Peering down into the dark, 11-foot deep hole, all you can see is about five inches of water, accessible by a rusty ladder attached to the wall. “At this point a lot of people who thought they wanted to go down decide not to.”
When they bought the house, the Zwicks knew there was a fallout shelter in the backyard but they waited ten years to open it. “The question is: ‘Why did it take so long for us to open it?’”
For starters, Carol Hollar Zwick says the above ground doors are a rusty eyesore-now turned conversation piece. Also at the time they had little kids. And who wants little kids around an 11-foot pit?
On this day a couple of historians and a photographer prepared to climb down into the hole.
Once down, pretty much all that’s left in the shelter are some rusty bunk beds and a large metal door.
Stephen Kercher, one of the members of the expedition, is a history professor at the University of Wisconsin-Oshkosh and curator of an exhibit at the Neenah Historical Society called “Take Cover Neenah!”
When the Zwicks finally opened the shelter in 2010 they found airtight metal army surplus boxes floating in five feet of water.
The previous homeowner stocked the fallout shelter with all kinds of medicines, clothes, plus food and water (and Hawaiian Punch) to last at least two weeks.

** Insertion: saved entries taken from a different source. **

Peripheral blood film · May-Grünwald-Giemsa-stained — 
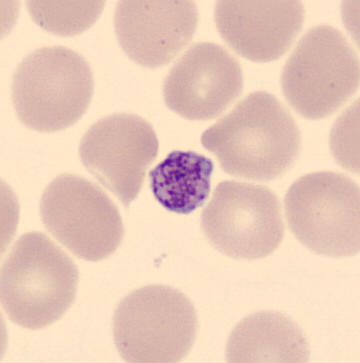

Impression — thrombocyte.
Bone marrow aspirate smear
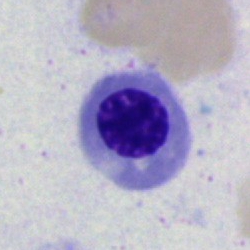 Cell type = erythroblast.
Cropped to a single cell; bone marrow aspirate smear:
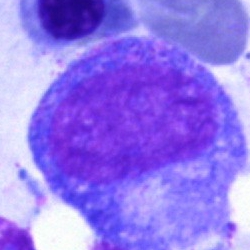Showing a progranulocyte.
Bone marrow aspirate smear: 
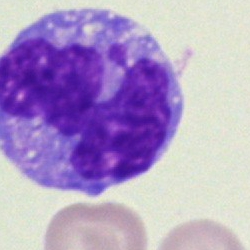

Cell: monocyte.
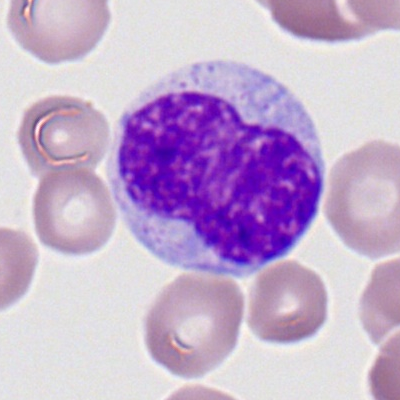
The cell shown is a monocyte.
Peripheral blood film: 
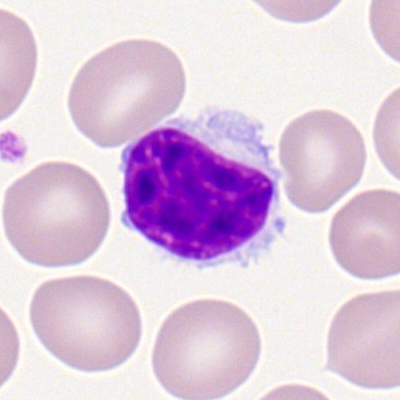 Morphological class — lymphocyte.
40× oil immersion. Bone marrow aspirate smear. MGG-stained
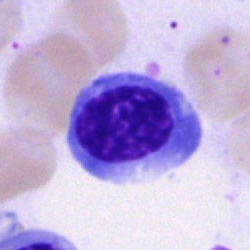
Cell type — nucleated red cell.
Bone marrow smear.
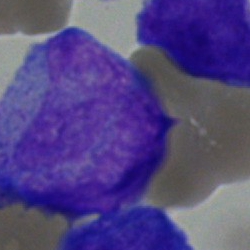The cell shown is a blast.
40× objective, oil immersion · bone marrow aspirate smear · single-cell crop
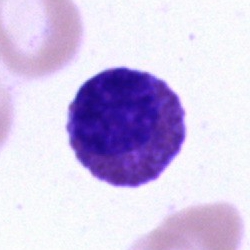Impression — eosinophil.
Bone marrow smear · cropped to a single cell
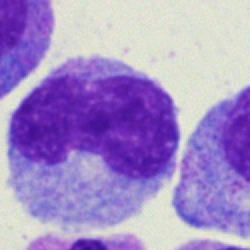
Single cell identified as a monocyte.
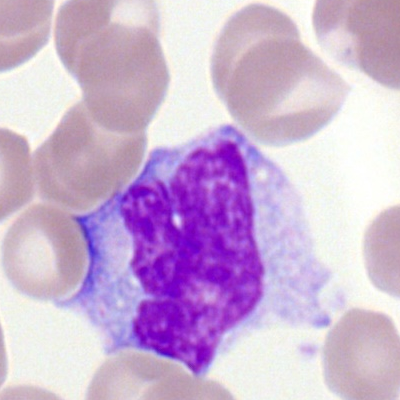

Q: What type of cell is this?
A: A monocyte.
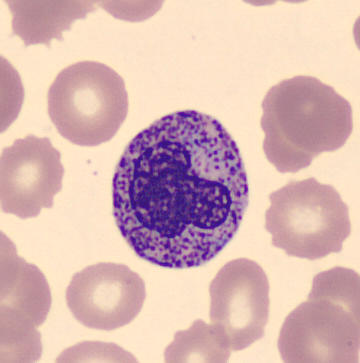

Acquisition: 360 by 363 pixels; cropped to a single cell; peripheral blood smear. Impression — myelocyte.
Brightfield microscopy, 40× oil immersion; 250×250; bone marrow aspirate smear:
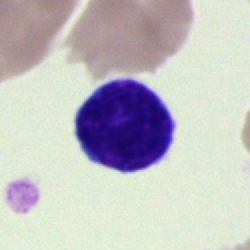

Cell — typical lymphocyte.
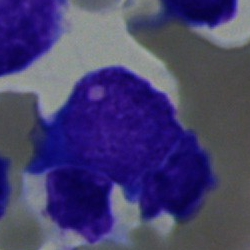

Q: What is shown here?
A: Blast cell.
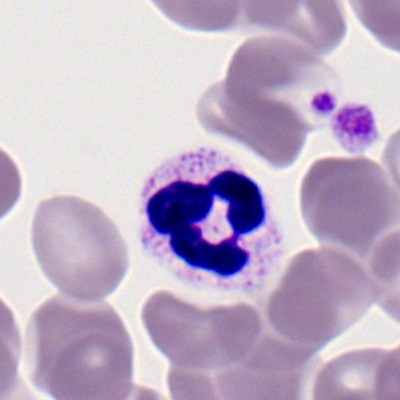

Morphological class: neutrophil (segmented).
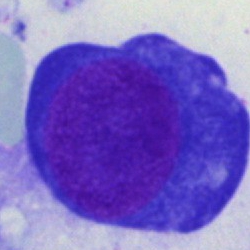 This is a pronormoblast.
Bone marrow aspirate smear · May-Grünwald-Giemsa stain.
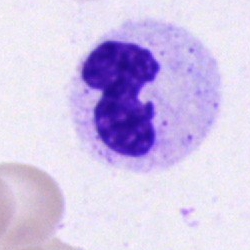{"cell_type": "polymorphonuclear neutrophil"}
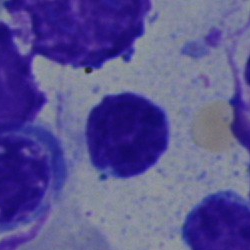

A typical lymphocyte.
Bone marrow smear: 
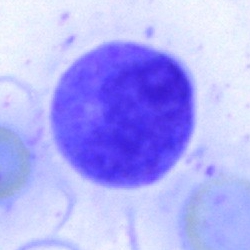 Q: What is the morphological classification of this cell?
A: It is an unidentifiable cell.
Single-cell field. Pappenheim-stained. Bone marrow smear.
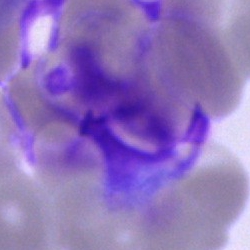The cell shown is an artifact.
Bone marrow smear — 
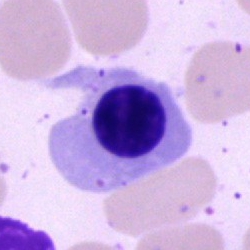

{"cell_type": "nucleated red cell", "lineage": "erythroid"}
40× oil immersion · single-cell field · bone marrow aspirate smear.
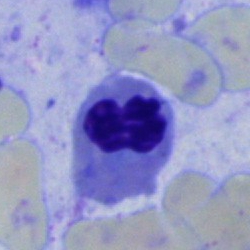
The cell is erythroblast.
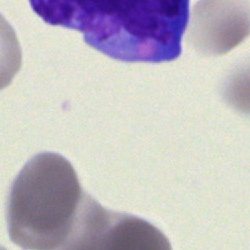
Classification: artefact.
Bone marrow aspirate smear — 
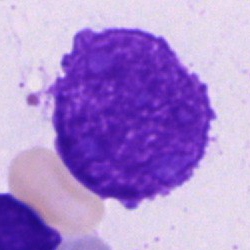 Artefact.
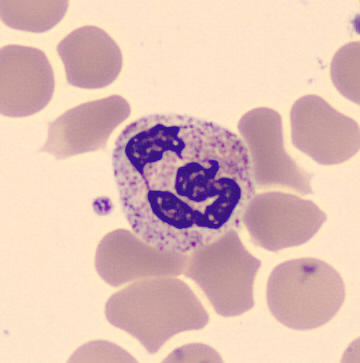 Acquisition: Peripheral blood smear; May Grünwald-Giemsa stain.

Classification = polymorphonuclear neutrophil.

That’s the time the government advised citizens to take cover, during which time the nuclear fallout would supposedly dissipate.

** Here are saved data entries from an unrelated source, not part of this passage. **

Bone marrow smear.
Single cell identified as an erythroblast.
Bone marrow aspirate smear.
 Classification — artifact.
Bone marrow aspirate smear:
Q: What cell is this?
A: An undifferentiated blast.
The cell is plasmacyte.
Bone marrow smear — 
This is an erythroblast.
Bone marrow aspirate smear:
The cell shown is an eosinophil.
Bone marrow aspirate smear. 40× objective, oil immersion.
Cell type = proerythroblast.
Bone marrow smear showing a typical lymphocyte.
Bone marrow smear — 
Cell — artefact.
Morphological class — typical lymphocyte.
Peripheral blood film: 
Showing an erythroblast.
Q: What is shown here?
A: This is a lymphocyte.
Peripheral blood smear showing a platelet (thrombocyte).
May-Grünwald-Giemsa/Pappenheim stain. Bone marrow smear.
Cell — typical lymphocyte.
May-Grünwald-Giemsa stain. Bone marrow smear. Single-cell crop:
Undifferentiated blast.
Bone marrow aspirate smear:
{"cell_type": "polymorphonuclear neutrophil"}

It’s all now on display at the Historical Society’s museum at the Octagon House. Curator Kercher helped create a replica of the shelter. “It’s essentially the fallout shelter. I mean look at all these supplies perfectly preserved. It’s just amazing.”
The preserved supplies are like a time capsule from 1960, when the shelter was built. “These army cases: perfectly sealed. They had desiccants. You can see the Butternut Coffee cans. These were the desiccants. This was a scientific man who probably knew a thing or two about what it would take.”
Kercher says nuclear war was a real threat, especially by the late 1950s and early 1960s.
He says shelters like the one in Neenah were expensive and only about 1 percent of the American population could afford one. That led to apprehension in neighborhoods. Homeowners couldn’t exactly hide the fact they were digging giant holes in their backyards. “If Armageddon came and you were the guy with the fallout shelter in your backyard, what’s going to happen to everyone else?”
There aren’t any answers at “Take Cover Neenah,” but the exhibit aims to give younger generations an insight to the ominous clouds people lived under 50 years ago.